Cameron dines out with young Tories
With new opinion polls pointing towards a Conservative majority after the next election, the jostling for David Cameron’s affections has begun. Thirty young Tory MPs have been invited to join a dining club called the Green Chip group – and with Cameron set to join them during the coming months, the rest of the party can only envy the access they’re getting.
The club’s typical member is an MP who campaigned for an unwinnable seat during the Tories’ limp 2001 campaign and then got into Parliament four years later. Like Adam Afriyie (pictured), the half-Ghanaian MP for Windsor who set up a successful IT firm, or accountant Justine Greening, many of the cabal had a career before politics. These are the Tories who supported Cameron from the outset of the leadership campaign – not a bunch of dissident backbenchers.

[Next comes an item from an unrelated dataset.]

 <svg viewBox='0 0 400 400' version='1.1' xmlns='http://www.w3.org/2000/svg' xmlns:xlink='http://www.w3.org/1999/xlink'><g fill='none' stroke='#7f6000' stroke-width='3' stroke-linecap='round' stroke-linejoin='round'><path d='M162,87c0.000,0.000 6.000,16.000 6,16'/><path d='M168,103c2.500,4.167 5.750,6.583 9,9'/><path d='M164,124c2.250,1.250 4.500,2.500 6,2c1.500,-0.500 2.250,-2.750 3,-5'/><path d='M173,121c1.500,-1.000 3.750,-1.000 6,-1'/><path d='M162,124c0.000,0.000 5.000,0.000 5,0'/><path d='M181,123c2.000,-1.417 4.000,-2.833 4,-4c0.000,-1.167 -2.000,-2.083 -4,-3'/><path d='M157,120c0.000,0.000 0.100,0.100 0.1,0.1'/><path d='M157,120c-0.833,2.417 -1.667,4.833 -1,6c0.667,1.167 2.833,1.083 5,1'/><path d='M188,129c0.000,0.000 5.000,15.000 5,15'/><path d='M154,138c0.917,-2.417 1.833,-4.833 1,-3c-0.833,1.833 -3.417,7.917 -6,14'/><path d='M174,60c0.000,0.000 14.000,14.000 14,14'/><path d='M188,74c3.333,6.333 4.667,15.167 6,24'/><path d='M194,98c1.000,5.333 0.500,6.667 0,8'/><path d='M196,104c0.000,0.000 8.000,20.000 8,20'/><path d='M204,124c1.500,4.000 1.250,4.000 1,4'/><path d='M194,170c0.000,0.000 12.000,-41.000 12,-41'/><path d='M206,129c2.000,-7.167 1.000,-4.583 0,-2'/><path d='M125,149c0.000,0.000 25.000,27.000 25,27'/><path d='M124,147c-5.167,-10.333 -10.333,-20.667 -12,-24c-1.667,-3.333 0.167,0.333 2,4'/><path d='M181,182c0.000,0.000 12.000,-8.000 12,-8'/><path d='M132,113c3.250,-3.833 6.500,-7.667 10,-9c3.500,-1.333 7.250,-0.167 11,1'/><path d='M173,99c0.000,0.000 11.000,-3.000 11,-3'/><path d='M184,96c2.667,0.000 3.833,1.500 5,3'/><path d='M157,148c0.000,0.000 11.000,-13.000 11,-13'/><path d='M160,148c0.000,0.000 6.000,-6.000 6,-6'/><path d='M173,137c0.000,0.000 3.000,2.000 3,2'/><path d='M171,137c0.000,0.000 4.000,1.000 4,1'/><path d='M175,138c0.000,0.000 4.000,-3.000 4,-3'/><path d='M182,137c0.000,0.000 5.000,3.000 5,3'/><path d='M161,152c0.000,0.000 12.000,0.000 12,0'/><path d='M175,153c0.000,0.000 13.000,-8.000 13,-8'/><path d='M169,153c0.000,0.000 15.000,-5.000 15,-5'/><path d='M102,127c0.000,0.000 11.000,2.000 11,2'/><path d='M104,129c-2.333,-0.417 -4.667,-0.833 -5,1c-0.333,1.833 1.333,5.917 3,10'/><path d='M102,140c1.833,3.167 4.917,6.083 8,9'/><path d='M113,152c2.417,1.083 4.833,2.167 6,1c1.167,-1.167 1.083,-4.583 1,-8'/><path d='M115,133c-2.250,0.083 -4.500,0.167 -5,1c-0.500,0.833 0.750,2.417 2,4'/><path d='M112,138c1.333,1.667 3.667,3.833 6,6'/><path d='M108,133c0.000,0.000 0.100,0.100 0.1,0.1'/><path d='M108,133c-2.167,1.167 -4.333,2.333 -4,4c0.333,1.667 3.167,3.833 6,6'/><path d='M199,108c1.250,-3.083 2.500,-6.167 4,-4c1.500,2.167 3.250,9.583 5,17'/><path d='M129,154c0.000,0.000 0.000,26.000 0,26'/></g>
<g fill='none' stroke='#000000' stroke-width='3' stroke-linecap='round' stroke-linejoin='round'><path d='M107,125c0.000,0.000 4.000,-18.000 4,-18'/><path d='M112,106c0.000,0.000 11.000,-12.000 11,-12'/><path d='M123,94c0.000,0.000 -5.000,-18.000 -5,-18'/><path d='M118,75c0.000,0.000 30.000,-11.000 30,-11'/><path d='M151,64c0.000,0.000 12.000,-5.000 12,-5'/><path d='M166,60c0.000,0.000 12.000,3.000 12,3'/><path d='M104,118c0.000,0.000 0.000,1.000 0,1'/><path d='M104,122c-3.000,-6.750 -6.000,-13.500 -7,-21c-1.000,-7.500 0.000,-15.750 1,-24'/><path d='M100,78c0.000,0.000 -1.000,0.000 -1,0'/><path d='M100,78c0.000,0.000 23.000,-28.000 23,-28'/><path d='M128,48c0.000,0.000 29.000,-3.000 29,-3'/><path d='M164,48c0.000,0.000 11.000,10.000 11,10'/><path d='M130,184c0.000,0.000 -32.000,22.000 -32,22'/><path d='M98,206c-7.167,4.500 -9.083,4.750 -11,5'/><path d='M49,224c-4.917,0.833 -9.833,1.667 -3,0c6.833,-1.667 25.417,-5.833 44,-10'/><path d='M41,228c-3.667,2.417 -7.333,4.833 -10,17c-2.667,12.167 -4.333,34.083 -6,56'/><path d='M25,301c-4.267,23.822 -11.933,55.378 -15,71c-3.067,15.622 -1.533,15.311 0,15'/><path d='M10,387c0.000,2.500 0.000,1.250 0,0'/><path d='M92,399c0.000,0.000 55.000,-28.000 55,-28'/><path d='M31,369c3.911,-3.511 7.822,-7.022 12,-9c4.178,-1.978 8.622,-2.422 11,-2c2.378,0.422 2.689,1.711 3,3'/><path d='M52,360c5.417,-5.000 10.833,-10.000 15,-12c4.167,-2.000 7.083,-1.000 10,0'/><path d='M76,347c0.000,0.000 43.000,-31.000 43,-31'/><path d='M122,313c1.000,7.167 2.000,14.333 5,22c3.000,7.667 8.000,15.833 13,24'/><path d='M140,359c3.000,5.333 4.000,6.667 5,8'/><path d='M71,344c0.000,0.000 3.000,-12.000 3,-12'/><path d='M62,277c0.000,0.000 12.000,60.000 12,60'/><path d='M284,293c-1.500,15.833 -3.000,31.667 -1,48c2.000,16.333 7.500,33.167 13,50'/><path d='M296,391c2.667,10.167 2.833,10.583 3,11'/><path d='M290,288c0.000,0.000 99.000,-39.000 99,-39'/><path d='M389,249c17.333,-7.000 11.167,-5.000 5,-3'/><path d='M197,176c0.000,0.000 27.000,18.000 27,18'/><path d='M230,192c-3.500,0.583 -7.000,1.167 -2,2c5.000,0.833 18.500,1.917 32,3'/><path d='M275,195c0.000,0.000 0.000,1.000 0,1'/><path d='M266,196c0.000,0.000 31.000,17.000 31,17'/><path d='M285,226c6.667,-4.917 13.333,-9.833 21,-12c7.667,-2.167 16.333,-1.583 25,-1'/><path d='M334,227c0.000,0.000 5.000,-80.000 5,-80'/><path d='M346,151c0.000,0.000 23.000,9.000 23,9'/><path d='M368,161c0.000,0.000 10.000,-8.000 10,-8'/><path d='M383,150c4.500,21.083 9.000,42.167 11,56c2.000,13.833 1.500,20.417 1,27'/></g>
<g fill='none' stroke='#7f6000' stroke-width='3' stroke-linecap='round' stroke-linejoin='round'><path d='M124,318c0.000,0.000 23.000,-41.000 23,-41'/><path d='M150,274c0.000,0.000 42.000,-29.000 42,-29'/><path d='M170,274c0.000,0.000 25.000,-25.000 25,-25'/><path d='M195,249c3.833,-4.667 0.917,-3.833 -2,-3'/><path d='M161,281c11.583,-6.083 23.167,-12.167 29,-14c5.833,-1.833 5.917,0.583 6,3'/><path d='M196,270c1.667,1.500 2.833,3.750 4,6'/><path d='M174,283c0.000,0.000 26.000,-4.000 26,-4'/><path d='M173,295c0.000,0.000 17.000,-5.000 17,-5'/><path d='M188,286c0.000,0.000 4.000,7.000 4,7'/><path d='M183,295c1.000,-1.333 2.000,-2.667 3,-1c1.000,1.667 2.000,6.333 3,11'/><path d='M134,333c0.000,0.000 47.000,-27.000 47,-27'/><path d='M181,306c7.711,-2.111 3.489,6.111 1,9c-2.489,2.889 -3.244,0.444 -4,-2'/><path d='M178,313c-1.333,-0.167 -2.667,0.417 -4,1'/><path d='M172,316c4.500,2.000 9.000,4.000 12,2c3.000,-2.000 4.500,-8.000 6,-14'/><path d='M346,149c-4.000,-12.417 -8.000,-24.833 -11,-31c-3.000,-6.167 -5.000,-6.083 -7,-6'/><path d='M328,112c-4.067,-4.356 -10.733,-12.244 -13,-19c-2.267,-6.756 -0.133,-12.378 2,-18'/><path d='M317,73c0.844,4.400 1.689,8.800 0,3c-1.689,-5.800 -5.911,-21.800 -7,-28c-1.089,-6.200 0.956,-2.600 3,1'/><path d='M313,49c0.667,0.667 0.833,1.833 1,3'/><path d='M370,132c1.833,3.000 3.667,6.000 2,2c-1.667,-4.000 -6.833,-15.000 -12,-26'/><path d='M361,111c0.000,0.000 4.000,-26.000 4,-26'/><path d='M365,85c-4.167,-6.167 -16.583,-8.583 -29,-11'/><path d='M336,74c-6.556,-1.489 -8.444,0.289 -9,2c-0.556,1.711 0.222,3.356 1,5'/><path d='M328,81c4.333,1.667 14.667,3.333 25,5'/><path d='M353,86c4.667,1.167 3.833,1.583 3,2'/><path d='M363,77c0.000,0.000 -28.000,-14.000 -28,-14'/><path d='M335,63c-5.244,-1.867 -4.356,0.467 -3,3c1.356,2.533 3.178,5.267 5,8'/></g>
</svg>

The guest list was selected and chased down by shadow environment minister Greg Barker, who accompanied Cameron on a trip to see the melting Arctic ice cap in 2006. Michael Gove, who was tipped as a future leader of the party by Michael Portillo, also helped get the group together. Gove has earned plaudits - and Cameron’s trust - for his proposals to use Sweden as a model for reforming Britain’s education system.
Cameron’s Notting Hill set is represented by shadow chancellor and cycling buddy George Osborne, and shadow culture minister Ed Vaizey. London mayoral candidate Boris Johnson also made the cut. But there was no room for either David Davis or William Hague, and this 'party within a party' has been greeted with a fair degree of distrust by more traditional elements of the Conservatives. As one Tory supporter complained, the group’s influence could prove divisive.